The obligations will be secured, subject to certain priorities and limitations in the various agreements, by perfected security interests in substantially all the assets of the Company and guaranteed by Lees material subsidiaries.
A portion of the unamortized present value adjustments related to the existing financing, which totaled $11.7 million at December 29, 2013, will be charged to expense in the June 2014 quarter, as will a $1.75 million call premium paid today upon refinancing of the existing second lien credit facility. In addition, certain of the fees related to the new financing will be charged to expense in the June quarter, with the remainder capitalized and amortized over the lives of the respective debt facilities.

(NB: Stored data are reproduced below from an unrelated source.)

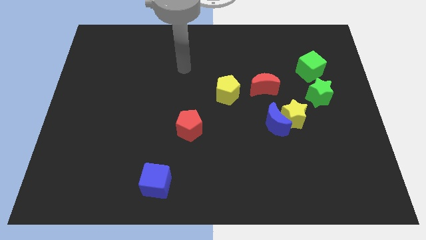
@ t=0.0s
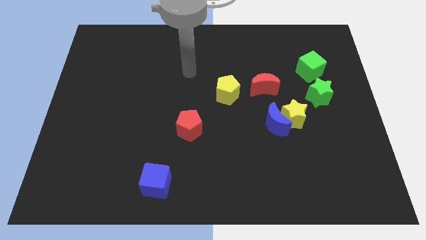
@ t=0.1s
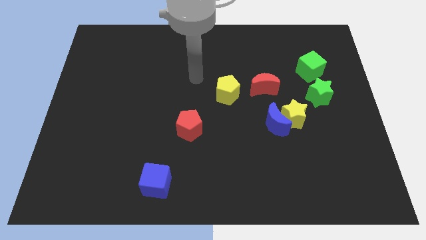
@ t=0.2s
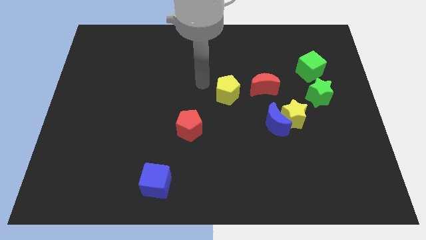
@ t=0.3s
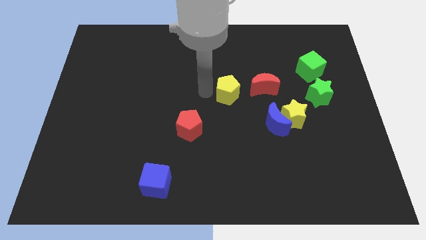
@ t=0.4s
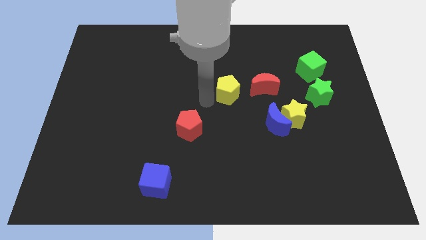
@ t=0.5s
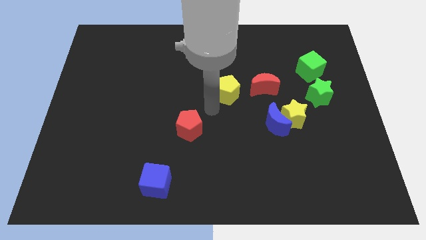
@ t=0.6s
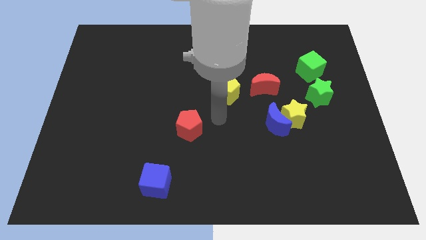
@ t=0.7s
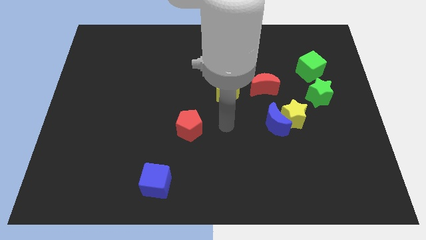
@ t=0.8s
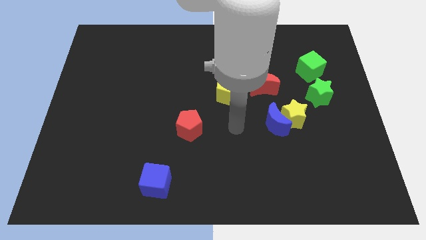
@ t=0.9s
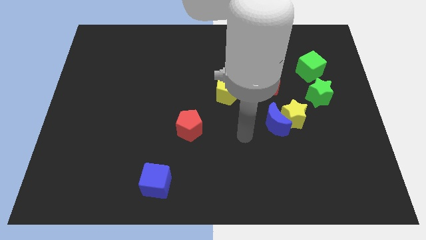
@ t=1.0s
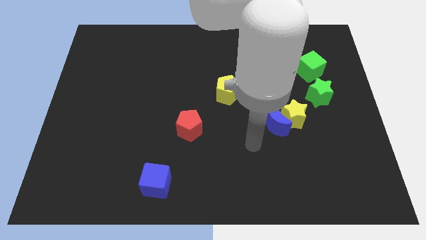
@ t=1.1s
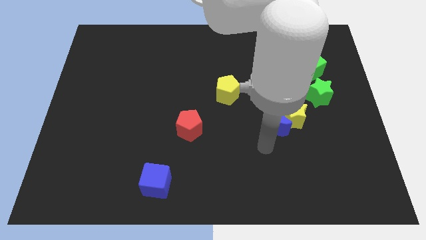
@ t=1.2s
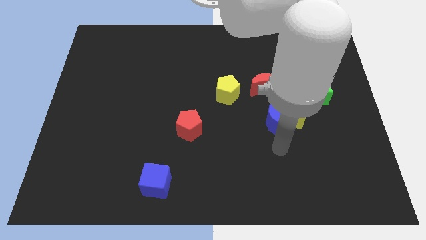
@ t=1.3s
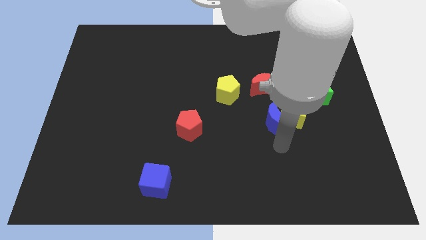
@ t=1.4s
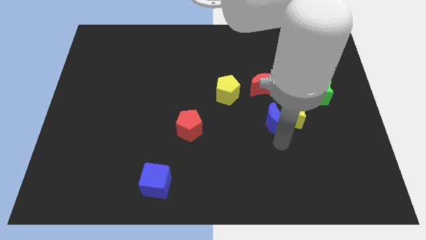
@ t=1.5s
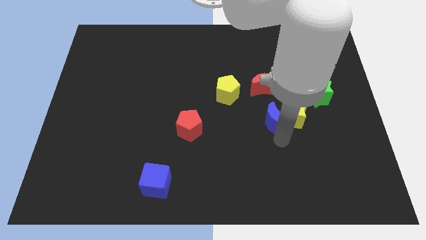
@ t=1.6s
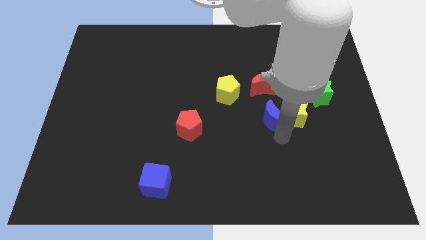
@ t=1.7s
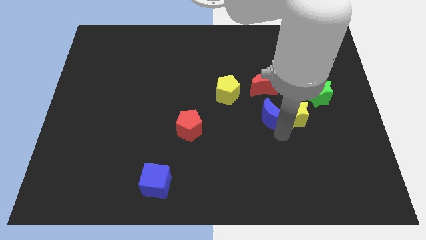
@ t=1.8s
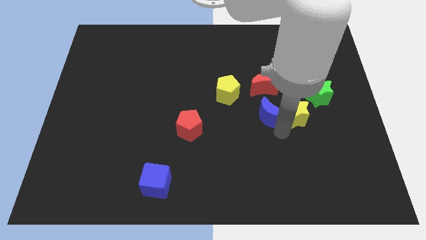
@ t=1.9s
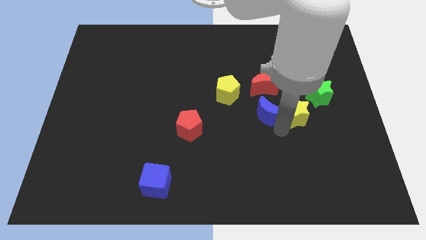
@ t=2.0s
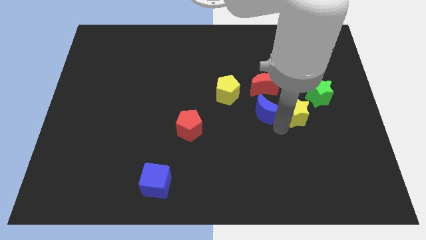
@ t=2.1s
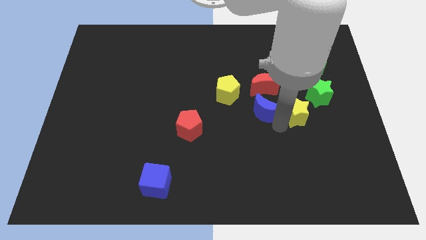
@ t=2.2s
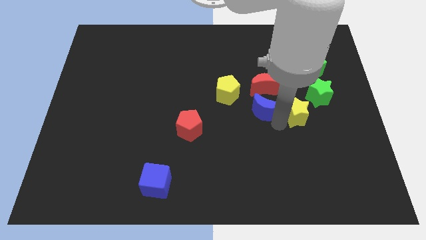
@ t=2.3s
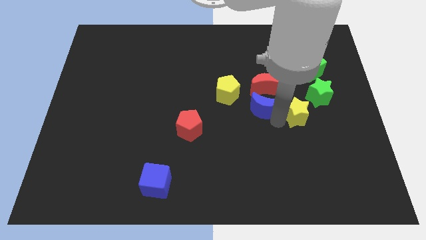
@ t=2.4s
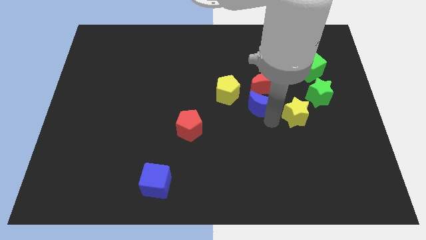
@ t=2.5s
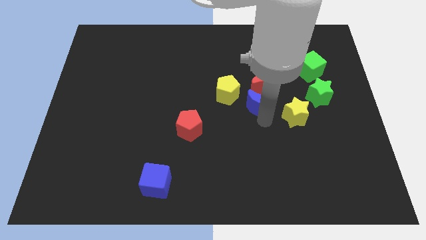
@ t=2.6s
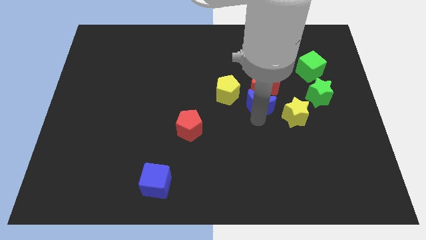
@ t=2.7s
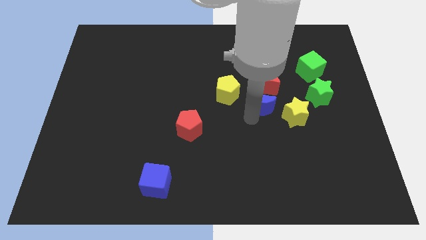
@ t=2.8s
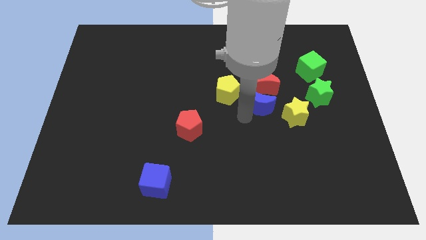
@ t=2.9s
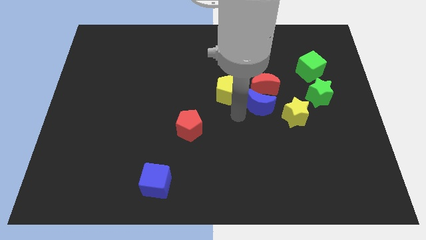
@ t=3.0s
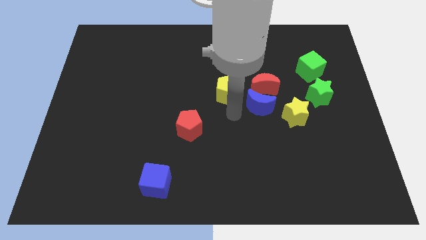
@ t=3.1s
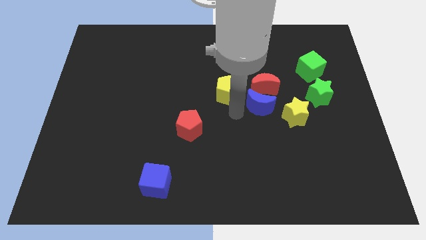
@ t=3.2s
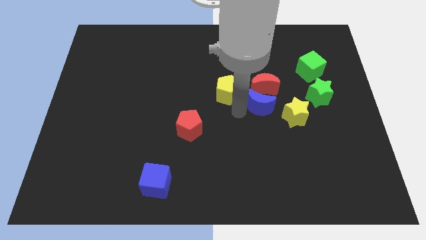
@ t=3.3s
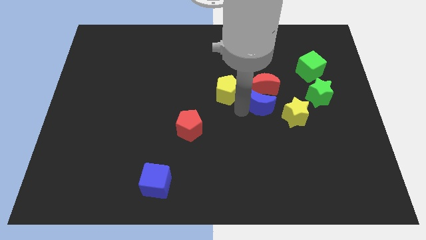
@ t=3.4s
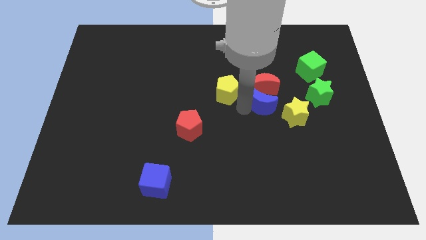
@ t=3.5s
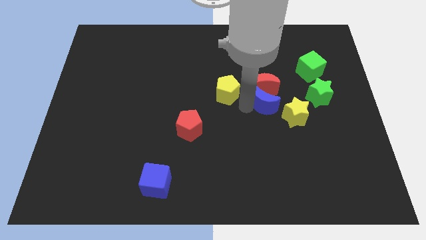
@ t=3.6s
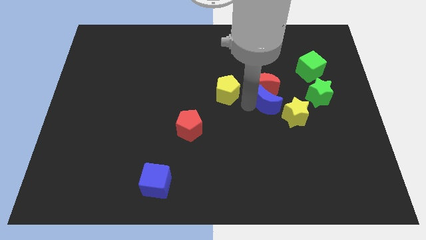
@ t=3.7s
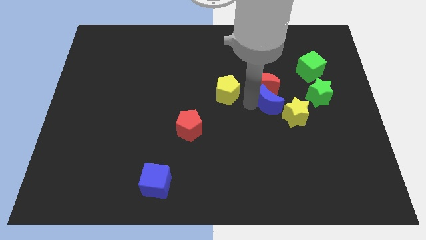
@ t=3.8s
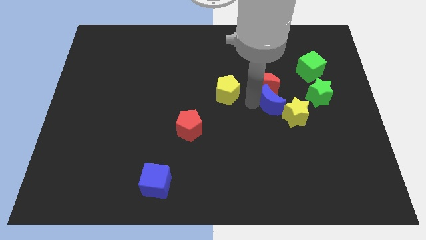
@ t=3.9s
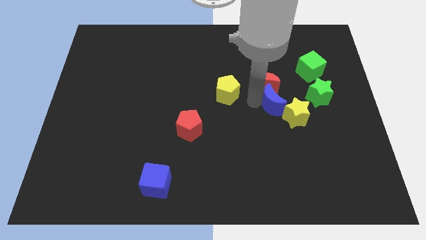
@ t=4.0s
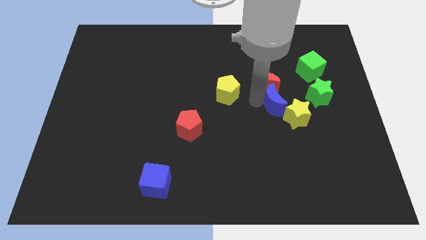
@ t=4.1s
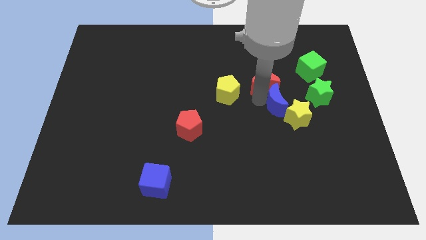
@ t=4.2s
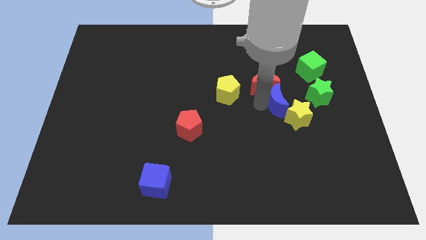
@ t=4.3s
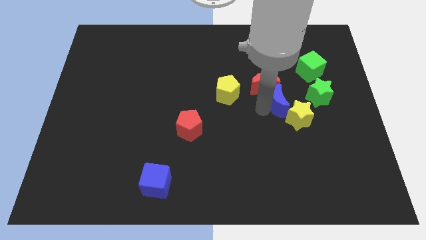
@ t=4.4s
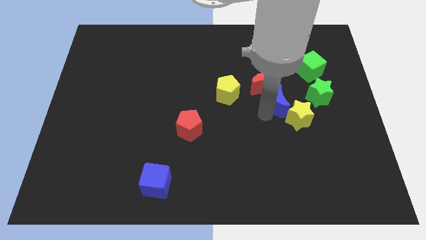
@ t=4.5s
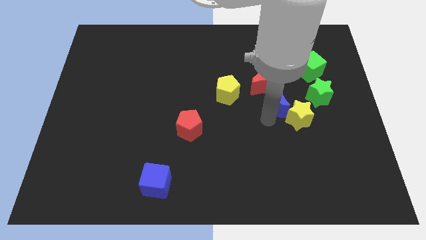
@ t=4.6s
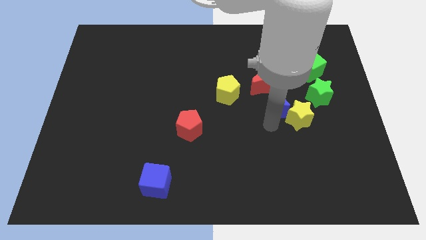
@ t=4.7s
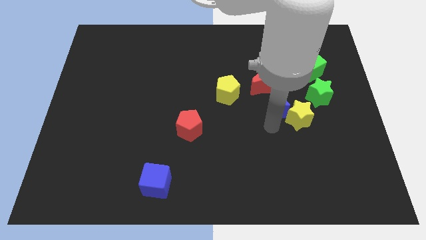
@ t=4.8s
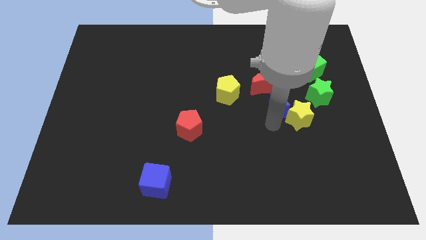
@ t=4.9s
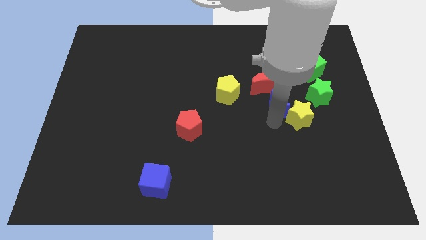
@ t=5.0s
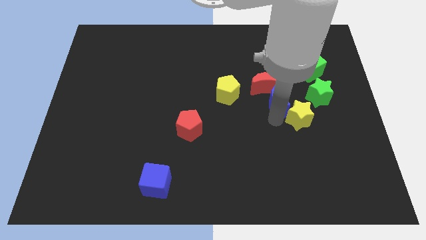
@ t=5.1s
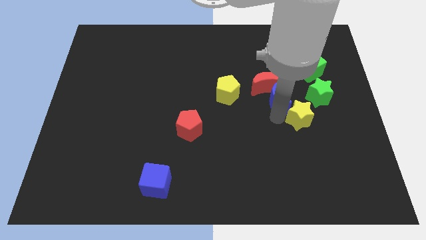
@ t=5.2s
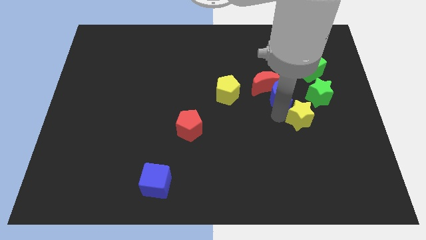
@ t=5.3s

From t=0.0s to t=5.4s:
slide the blue moon a bit upwards

JPMorgan Securities LLC and Deutsche Bank Securities Inc. acted as joint lead arrangers and joint book-running managers for the financing.
Lee Enterprises is a leading provider of local news and information, and a major platform for advertising, in its markets, with 46 daily newspapers and a joint interest in four others, rapidly growing digital products and nearly 300 specialty publications in 22 states. Lees newspapers have circulation of 1.2 million daily and 1.6 million Sunday, reaching nearly four million readers in print alone. Lees websites and mobile and tablet products attracted 25.6 million unique visitors in December 2013. Lees markets include St. Louis, MO; Lincoln, NE; Madison, WI; Davenport, IA; Billings, MT; Bloomington, IL; and Tucson, AZ. Lee Common Stock is traded on the New York Stock Exchange under the symbol LEE. For more information about Lee, please visit lee.net.

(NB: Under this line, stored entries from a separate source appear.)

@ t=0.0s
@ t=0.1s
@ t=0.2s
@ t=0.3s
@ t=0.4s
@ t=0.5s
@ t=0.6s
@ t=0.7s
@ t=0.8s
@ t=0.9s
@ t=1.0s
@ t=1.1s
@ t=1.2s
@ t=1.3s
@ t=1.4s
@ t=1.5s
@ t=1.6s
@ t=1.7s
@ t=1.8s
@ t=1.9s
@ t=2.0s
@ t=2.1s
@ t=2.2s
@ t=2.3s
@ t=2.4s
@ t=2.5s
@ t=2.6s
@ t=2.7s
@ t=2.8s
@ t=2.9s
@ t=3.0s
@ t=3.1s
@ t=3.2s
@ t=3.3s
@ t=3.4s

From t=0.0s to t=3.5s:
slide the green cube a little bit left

FORWARD-LOOKING STATEMENTS The Private Securities Litigation Reform Act of 1995 provides a safe harbor for forward-looking statements. This news release contains information that may be deemed forward-looking that is based largely on our current expectations, and is subject to certain risks, trends and uncertainties that could cause actual results to differ materially from those anticipated. Among such risks, trends and other uncertainties, which in some instances are beyond our control, are our ability to generate cash flows and maintain liquidity sufficient to service our debt, comply with or obtain amendments or waivers of the financial covenants contained in our credit facilities, if necessary, to refinance our debt as it comes due, or that the warrants will not be exercised. Other risks and uncertainties include the impact and duration of continuing adverse conditions in certain aspects of the economy affecting our business, changes in advertising demand, potential changes in newsprint and other commodity prices, energy costs, interest rates, labor costs, legislative and regulatory rulings, difficulties in achieving planned expense reductions, maintaining employee and customer relationships, increased capital costs, maintaining our listing status on the NYSE, competition and other risks detailed from time to time in our publicly filed documents. Any statements that are not statements of historical fact (including statements containing the words may, will, would, could, believe, expect, anticipate, intend, plan, project, estimate, consider and similar expressions) generally should be considered forward-looking statements. Readers are cautioned not to place undue reliance on such forward-looking statements, which are made as of the date of this news release. We do not undertake to publicly update or revise our forward-looking statements.